Dépt. de Physiologie, Université de Montréal, 2960 Chemin de la Tour, Rm. 4141, Montreal, QC H3T 1J4, Canada.
Exp Brain Res. 2010 Jan;200(3-4):197-222. doi: 10.1007/s00221-009-2054-4.
The vestibular system is vital for motor control and spatial self-motion perception. Afferents from the otolith organs and the semicircular canals converge with optokinetic, somatosensory and motor-related signals in the vestibular nuclei, which are reciprocally interconnected with the vestibulocerebellar cortex and deep cerebellar nuclei. Here, we review the properties of the many cell types in the vestibular nuclei, as well as some fundamental computations implemented within this brainstem-cerebellar circuitry. These include the sensorimotor transformations for reflex generation, the neural computations for inertial motion estimation, the distinction between active and passive head movements, as well as the integration of vestibular and proprioceptive information for body motion estimation. A common theme in the solution to such computational problems is the concept of internal models and their neural implementation. Recent studies have shed new insights into important organizational principles that closely resemble those proposed for other sensorimotor systems, where their neural basis has often been more difficult to identify. As such, the vestibular system provides an excellent model to explore common neural processing strategies relevant both for reflexive and for goal-directed, voluntary movement as well as perception.
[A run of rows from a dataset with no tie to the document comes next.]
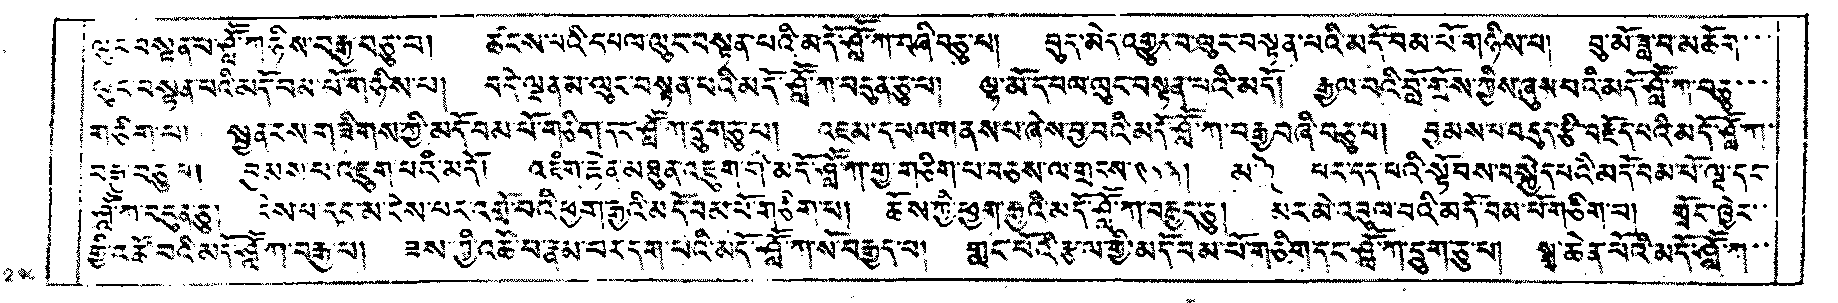ལུང་བསྟན་པ་ཤླཽ་ཀ་ཉིས་བརྒྱ་བཅུ་པ། ཚངས་པའི་དཔལ་ལུང་བསྟན་པའི་མདོ་ཤླཽ་ཀ་བཞི་བཅུ་པ། བུད་མེད་འགྱུར་བ་ལུང་བསྟན་པའི་མདོ་བམ་པོ་གཉིས་པ། བུ་མོ་ཟླ་བ་མཆོག་
ལུང་བསྟན་པའི་མདོ་བམ་པོ་གཉིས་པ། བདེ་ལྡན་མ་ལུང་བསྟན་པའི་མདོ་ཤླཽ་ཀ་བདུན་ཅུ་པ། ལྷ་མོ་དཔལ་ལུང་བསྟན་པའི་མདོ། རྒྱལ་བའི་བློ་གྲོས་ཀྱིས་ཞུས་པའི་མདོ་ཤླཽ་ཀ་བཅུ་
གཅིག་པ། སྤྱན་རས་གཟིགས་ཀྱི་མདོ་བམ་པོ་གཅིག་དང་ཤླཽ་ཀ་དྲུག་ཅུ་པ། འཇམ་དཔལ་གནས་པ་ཞེས་བྱ་བའི་མདོ་ཤླཽ་ཀ་བརྒྱ་བཞི་བཅུ་པ། བྱམས་པ་བདུད་རྩི་བརྗོད་པའི་མདོ་ཤླཽ་ཀ་
བརྒྱ་བཅུ་པ། བྱམས་པ་འཇུག་པའི་མདོ། འཇིག་རྟེན་མཐུན་འཇུག་གི་མདོ་ཤླཽ་ཀ་གྱ་གཅིག་པ་བཅས་ལ་གྲངས ༤༨༣། མ྄་པར་དད་པའི་སྟོབས་བསྐྱེད་པའི་མདོ་བམ་པོ་ལྔ་དང་
ཤླཽ་ཀ་བདུན་ཅུ། ངེས་པ་དང་མ་ངེས་པར་འགྲོ་བའི་ཕྱག་རྒྱའི་མདོ་བམ་པོ་གཅིག་པ། ཆོས་ཀྱི་ཕྱག་རྒྱའི་མདོ་ཤླཽ་ཀ་བརྒྱད་ཅུ། མར་མེ་འབུལ་བའི་མདོ་བམ་པོ་གཅིག་པ། གྲོང་ཁྱེར་
གྱི་འཚོ་བའི་མདོ་ཤླཽ་ཀ་བརྒྱ་པ། ཟས་ཀྱི་འཚོ་བ་རྣམ་པར་དག་པའི་མདོ་ཤླཽ་ཀ་སོ་བརྒྱད་པ། གླང་པོའི་རྩལ་གྱི་མདོ་བམ་པོ་གཅིག་དང་ཤླཽ་ཀ་དྲུག་ཅུ་པ། སྒྲ་ཆེན་པོའི་མདོ་ཤླཽ་ཀ་

前庭系统对于运动控制和空间自身运动感知至关重要。来自耳石器官和半规管的传入神经与视动、躯体感觉和运动相关信号在前庭核中汇聚,前庭核与前庭小脑皮质和深部小脑核相互联系。在这里,我们回顾了前庭核中许多细胞类型的特性,以及该脑干小脑回路中实现的一些基本计算。这些包括用于反射生成的感觉运动转换、用于惯性运动估计的神经计算、主动和被动头部运动的区分,以及用于身体运动估计的前庭和本体感觉信息的整合。解决这些计算问题的一个共同主题是内部模型的概念及其神经实现。最近的研究为解决这些计算问题提供了新的见解,这些问题与其他感觉运动系统中提出的组织原则非常相似,而这些系统的神经基础通常更难确定。因此,前庭系统为探索与反射性和目标导向的、自愿运动以及感知相关的共同神经处理策略提供了一个极好的模型。